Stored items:
- Opening Delimiter -
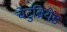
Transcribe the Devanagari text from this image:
चेटुब्रियेंड
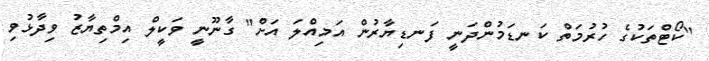
"ކޯޓްތަކުގެ ހުރުމަތް ކަނޑަމުންދަނީ ފަނޑިޔާރުން އަމިއްލަ އަށް" ގާނޫނީ ވަކީލް އިމްތިޔާޒު ވިދާޅުވި
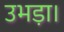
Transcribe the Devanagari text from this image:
उभड़ा।
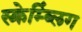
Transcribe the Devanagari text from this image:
स्क्रेम्ब्लिंग
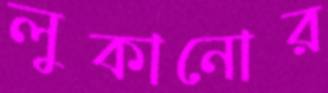
লুকানোর
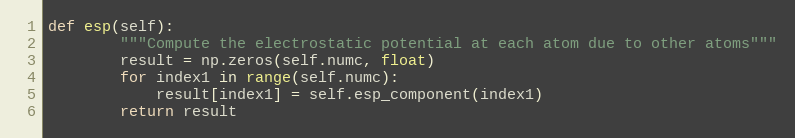
Language: Python
def esp(self):
        """Compute the electrostatic potential at each atom due to other atoms"""
        result = np.zeros(self.numc, float)
        for index1 in range(self.numc):
            result[index1] = self.esp_component(index1)
        return result
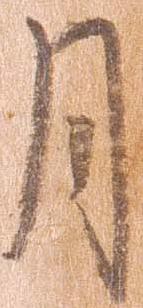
- Closing Delimiter -
- **WHAT YOU NEED TO DO**
Before duplicating the entries above, strip out the pictures and keep the rest exact.

- **RESULT**
Transcribe the Devanagari text from this image:
चेटुब्रियेंड
"ކޯޓްތަކުގެ ހުރުމަތް ކަނޑަމުންދަނީ ފަނޑިޔާރުން އަމިއްލަ އަށް" ގާނޫނީ ވަކީލް އިމްތިޔާޒު ވިދާޅުވި
Transcribe the Devanagari text from this image:
उभड़ा।
Transcribe the Devanagari text from this image:
स्क्रेम्ब्लिंग
লুকানোর
Language: Python
def esp(self):
        """Compute the electrostatic potential at each atom due to other atoms"""
        result = np.zeros(self.numc, float)
        for index1 in range(self.numc):
            result[index1] = self.esp_component(index1)
        return result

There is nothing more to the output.